At the end of January, I visited New Orleans, a city I haven't been to in nearly 20 years. For the first time in a very long time, this trip reminded me of what it felt like to fall in love with a new place. 

I spent my first evening in the Garden District, and I was in awe as I strolled the streets lined with beautiful historical homes. They reminded me how I felt when I first discovered San Francisco. I was taken aback by the warm hospitality. When I got off the plane and two women smiled broadly at me and gave me a warm "Hello." And, then there's the food that I love — from the jambalaya to the crawfish étouffée to the gumbo.
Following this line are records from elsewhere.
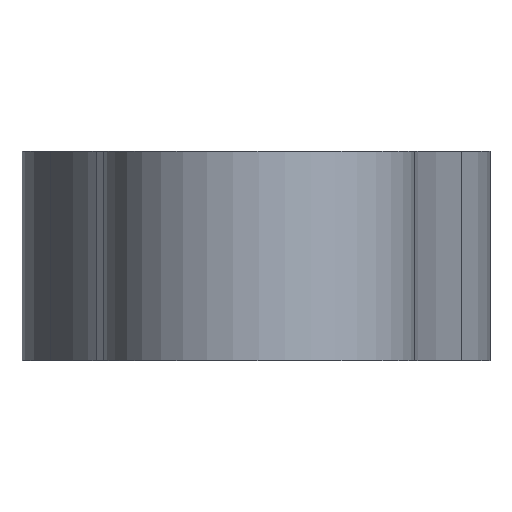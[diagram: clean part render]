
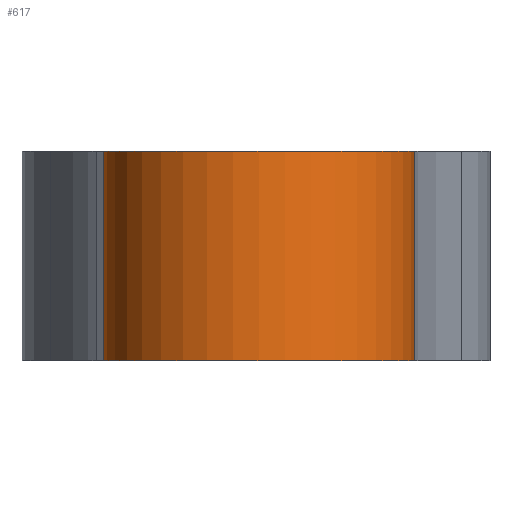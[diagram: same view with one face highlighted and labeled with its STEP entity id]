
A CAD part, left-side view. The second image highlights one B-rep face of the part: STEP entity #617.
In plain terms, the highlighted cylindrical face has radius 29.778 mm (diameter 59.557 mm), a partial arc.
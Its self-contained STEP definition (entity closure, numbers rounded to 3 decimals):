
#30 = PLANE('',#31);
#31 = AXIS2_PLACEMENT_3D('',#32,#33,#34);
#32 = CARTESIAN_POINT('',(0.,0.,-20.));
#33 = DIRECTION('',(0.,0.,1.));
#34 = DIRECTION('',(1.,0.,0.));
#150 = VERTEX_POINT('',#151);
#151 = CARTESIAN_POINT('',(-88.516,-27.229,
    -20.));
#170 = CYLINDRICAL_SURFACE('',#171,24.565);
#171 = AXIS2_PLACEMENT_3D('',#172,#173,#174);
#172 = CARTESIAN_POINT('',(-74.126,-47.138,
    -20.));
#173 = DIRECTION('',(0.,0.,1.));
#174 = DIRECTION('',(1.,0.,0.));
#181 = EDGE_CURVE('',#150,#182,#184,.T.);
#182 = VERTEX_POINT('',#183);
#183 = CARTESIAN_POINT('',(-88.516,21.039,
    -20.));
#184 = SURFACE_CURVE('',#185,(#190,#201),.PCURVE_S2.);
#185 = CIRCLE('',#186,29.778);
#186 = AXIS2_PLACEMENT_3D('',#187,#188,#189);
#187 = CARTESIAN_POINT('',(-105.96,-3.095,
    -20.));
#188 = DIRECTION('',(0.,0.,-1.));
#189 = DIRECTION('',(1.,0.,0.));
#190 = PCURVE('',#30,#191);
#191 = DEFINITIONAL_REPRESENTATION('',(#192),#200);
#192 = ( BOUNDED_CURVE() B_SPLINE_CURVE(2,(#193,#194,#195,#196,#197,#198
,#199),.UNSPECIFIED.,.T.,.F.) B_SPLINE_CURVE_WITH_KNOTS((1,2,2,2,2,1),(
    -2.094,0.,2.094,4.189,6.283,
8.378),.UNSPECIFIED.) CURVE() GEOMETRIC_REPRESENTATION_ITEM() 
RATIONAL_B_SPLINE_CURVE((1.,0.5,1.,0.5,1.,0.5,1.)) REPRESENTATION_ITEM(
  '') );
#193 = CARTESIAN_POINT('',(-76.182,-3.095));
#194 = CARTESIAN_POINT('',(-76.182,-54.673));
#195 = CARTESIAN_POINT('',(-120.85,-28.884));
#196 = CARTESIAN_POINT('',(-165.517,-3.095));
#197 = CARTESIAN_POINT('',(-120.85,22.694));
#198 = CARTESIAN_POINT('',(-76.182,48.483));
#199 = CARTESIAN_POINT('',(-76.182,-3.095));
#200 = ( GEOMETRIC_REPRESENTATION_CONTEXT(2) 
PARAMETRIC_REPRESENTATION_CONTEXT() REPRESENTATION_CONTEXT('2D SPACE',''
  ) );
#201 = PCURVE('',#202,#207);
#202 = CYLINDRICAL_SURFACE('',#203,29.778);
#203 = AXIS2_PLACEMENT_3D('',#204,#205,#206);
#204 = CARTESIAN_POINT('',(-105.96,-3.095,
    -20.));
#205 = DIRECTION('',(0.,0.,-1.));
#206 = DIRECTION('',(1.,0.,0.));
#207 = DEFINITIONAL_REPRESENTATION('',(#208),#211);
#208 = B_SPLINE_CURVE_WITH_KNOTS('',1,(#209,#210),.UNSPECIFIED.,.F.,.F.,
  (2,2),(0.945,5.338),.PIECEWISE_BEZIER_KNOTS.);
#209 = CARTESIAN_POINT('',(0.945,0.));
#210 = CARTESIAN_POINT('',(5.338,0.));
#211 = ( GEOMETRIC_REPRESENTATION_CONTEXT(2) 
PARAMETRIC_REPRESENTATION_CONTEXT() REPRESENTATION_CONTEXT('2D SPACE',''
  ) );
#234 = CYLINDRICAL_SURFACE('',#235,20.419);
#235 = AXIS2_PLACEMENT_3D('',#236,#237,#238);
#236 = CARTESIAN_POINT('',(-76.555,37.588,
    -20.));
#237 = DIRECTION('',(0.,0.,1.));
#238 = DIRECTION('',(1.,0.,0.));
#380 = PLANE('',#381);
#381 = AXIS2_PLACEMENT_3D('',#382,#383,#384);
#382 = CARTESIAN_POINT('',(0.,0.,20.));
#383 = DIRECTION('',(0.,0.,1.));
#384 = DIRECTION('',(1.,0.,0.));
#572 = VERTEX_POINT('',#573);
#573 = CARTESIAN_POINT('',(-88.516,-27.229,
    20.));
#598 = EDGE_CURVE('',#150,#572,#599,.T.);
#599 = SURFACE_CURVE('',#600,(#604,#610),.PCURVE_S2.);
#600 = LINE('',#601,#602);
#601 = CARTESIAN_POINT('',(-88.516,-27.229,
    -20.));
#602 = VECTOR('',#603,1.);
#603 = DIRECTION('',(0.,0.,1.));
#604 = PCURVE('',#170,#605);
#605 = DEFINITIONAL_REPRESENTATION('',(#606),#609);
#606 = B_SPLINE_CURVE_WITH_KNOTS('',1,(#607,#608),.UNSPECIFIED.,.F.,.F.,
  (2,2),(0.,40.),.PIECEWISE_BEZIER_KNOTS.);
#607 = CARTESIAN_POINT('',(2.197,0.));
#608 = CARTESIAN_POINT('',(2.197,40.));
#609 = ( GEOMETRIC_REPRESENTATION_CONTEXT(2) 
PARAMETRIC_REPRESENTATION_CONTEXT() REPRESENTATION_CONTEXT('2D SPACE',''
  ) );
#610 = PCURVE('',#202,#611);
#611 = DEFINITIONAL_REPRESENTATION('',(#612),#615);
#612 = B_SPLINE_CURVE_WITH_KNOTS('',1,(#613,#614),.UNSPECIFIED.,.F.,.F.,
  (2,2),(0.,40.),.PIECEWISE_BEZIER_KNOTS.);
#613 = CARTESIAN_POINT('',(0.945,0.));
#614 = CARTESIAN_POINT('',(0.945,-40.));
#615 = ( GEOMETRIC_REPRESENTATION_CONTEXT(2) 
PARAMETRIC_REPRESENTATION_CONTEXT() REPRESENTATION_CONTEXT('2D SPACE',''
  ) );
#617 = ADVANCED_FACE('',(#618),#202,.T.);
#618 = FACE_BOUND('',#619,.T.);
#619 = EDGE_LOOP('',(#620,#621,#648,#667));
#620 = ORIENTED_EDGE('',*,*,#598,.T.);
#621 = ORIENTED_EDGE('',*,*,#622,.T.);
#622 = EDGE_CURVE('',#572,#623,#625,.T.);
#623 = VERTEX_POINT('',#624);
#624 = CARTESIAN_POINT('',(-88.516,21.039,
    20.));
#625 = SURFACE_CURVE('',#626,(#631,#637),.PCURVE_S2.);
#626 = CIRCLE('',#627,29.778);
#627 = AXIS2_PLACEMENT_3D('',#628,#629,#630);
#628 = CARTESIAN_POINT('',(-105.96,-3.095,
    20.));
#629 = DIRECTION('',(0.,0.,-1.));
#630 = DIRECTION('',(1.,0.,0.));
#631 = PCURVE('',#202,#632);
#632 = DEFINITIONAL_REPRESENTATION('',(#633),#636);
#633 = B_SPLINE_CURVE_WITH_KNOTS('',1,(#634,#635),.UNSPECIFIED.,.F.,.F.,
  (2,2),(0.945,5.338),.PIECEWISE_BEZIER_KNOTS.);
#634 = CARTESIAN_POINT('',(0.945,-40.));
#635 = CARTESIAN_POINT('',(5.338,-40.));
#636 = ( GEOMETRIC_REPRESENTATION_CONTEXT(2) 
PARAMETRIC_REPRESENTATION_CONTEXT() REPRESENTATION_CONTEXT('2D SPACE',''
  ) );
#637 = PCURVE('',#380,#638);
#638 = DEFINITIONAL_REPRESENTATION('',(#639),#647);
#639 = ( BOUNDED_CURVE() B_SPLINE_CURVE(2,(#640,#641,#642,#643,#644,#645
,#646),.UNSPECIFIED.,.T.,.F.) B_SPLINE_CURVE_WITH_KNOTS((1,2,2,2,2,1),(
    -2.094,0.,2.094,4.189,6.283,
8.378),.UNSPECIFIED.) CURVE() GEOMETRIC_REPRESENTATION_ITEM() 
RATIONAL_B_SPLINE_CURVE((1.,0.5,1.,0.5,1.,0.5,1.)) REPRESENTATION_ITEM(
  '') );
#640 = CARTESIAN_POINT('',(-76.182,-3.095));
#641 = CARTESIAN_POINT('',(-76.182,-54.673));
#642 = CARTESIAN_POINT('',(-120.85,-28.884));
#643 = CARTESIAN_POINT('',(-165.517,-3.095));
#644 = CARTESIAN_POINT('',(-120.85,22.694));
#645 = CARTESIAN_POINT('',(-76.182,48.483));
#646 = CARTESIAN_POINT('',(-76.182,-3.095));
#647 = ( GEOMETRIC_REPRESENTATION_CONTEXT(2) 
PARAMETRIC_REPRESENTATION_CONTEXT() REPRESENTATION_CONTEXT('2D SPACE',''
  ) );
#648 = ORIENTED_EDGE('',*,*,#649,.F.);
#649 = EDGE_CURVE('',#182,#623,#650,.T.);
#650 = SURFACE_CURVE('',#651,(#655,#661),.PCURVE_S2.);
#651 = LINE('',#652,#653);
#652 = CARTESIAN_POINT('',(-88.516,21.039,
    -20.));
#653 = VECTOR('',#654,1.);
#654 = DIRECTION('',(0.,0.,1.));
#655 = PCURVE('',#202,#656);
#656 = DEFINITIONAL_REPRESENTATION('',(#657),#660);
#657 = B_SPLINE_CURVE_WITH_KNOTS('',1,(#658,#659),.UNSPECIFIED.,.F.,.F.,
  (2,2),(0.,40.),.PIECEWISE_BEZIER_KNOTS.);
#658 = CARTESIAN_POINT('',(5.338,0.));
#659 = CARTESIAN_POINT('',(5.338,-40.));
#660 = ( GEOMETRIC_REPRESENTATION_CONTEXT(2) 
PARAMETRIC_REPRESENTATION_CONTEXT() REPRESENTATION_CONTEXT('2D SPACE',''
  ) );
#661 = PCURVE('',#234,#662);
#662 = DEFINITIONAL_REPRESENTATION('',(#663),#666);
#663 = B_SPLINE_CURVE_WITH_KNOTS('',1,(#664,#665),.UNSPECIFIED.,.F.,.F.,
  (2,2),(0.,40.),.PIECEWISE_BEZIER_KNOTS.);
#664 = CARTESIAN_POINT('',(4.087,0.));
#665 = CARTESIAN_POINT('',(4.087,40.));
#666 = ( GEOMETRIC_REPRESENTATION_CONTEXT(2) 
PARAMETRIC_REPRESENTATION_CONTEXT() REPRESENTATION_CONTEXT('2D SPACE',''
  ) );
#667 = ORIENTED_EDGE('',*,*,#181,.F.);

When we were kids, my uncle sent us crawfish from Louisiana because he knew how much we loved it. 

For me New Orleans is more than a creole town; it is also a place that holds a special place in my heart from childhood and where I first developed an understanding of Vietnamese community.

New Orleans is home to a large Vietnamese population, over 14,000 people of Vietnamese origin have made their home there. My cousins grew up in New Orleans, so every summer when I was in junior high and high school on our way to summer vacation, we would stop in New Orleans and pick up my cousins before heading Florida. My aunt and uncle owned a pharmacy in a strip mall with all Vietnamese stores and restaurants; something I had certainly never experienced growing up in Indiana. I still remember my uncle taking me to eat beef pho, a traditional Vietnamese noodle soup, very early in the morning for breakfast and asking him why Vietnamese people ate such a heavy soup for breakfast.

Returning to New Orleans after all these years certainly reinvigorated something in me. It reminded me of that special feeling of falling in love with a city, while also remembering parts of my childhood.

I'm not quite sure how my newly found love for this city, or my current relationship with San Francisco, will evolve. I don't foresee myself moving to New Orleans, but at the very least it reminded me of what it's like to fall in love with a city. Perhaps, that experience will inspire me to somehow see San Francisco with fresh eyes and forge a new relationship with an acceptance of how the city has grown and changed.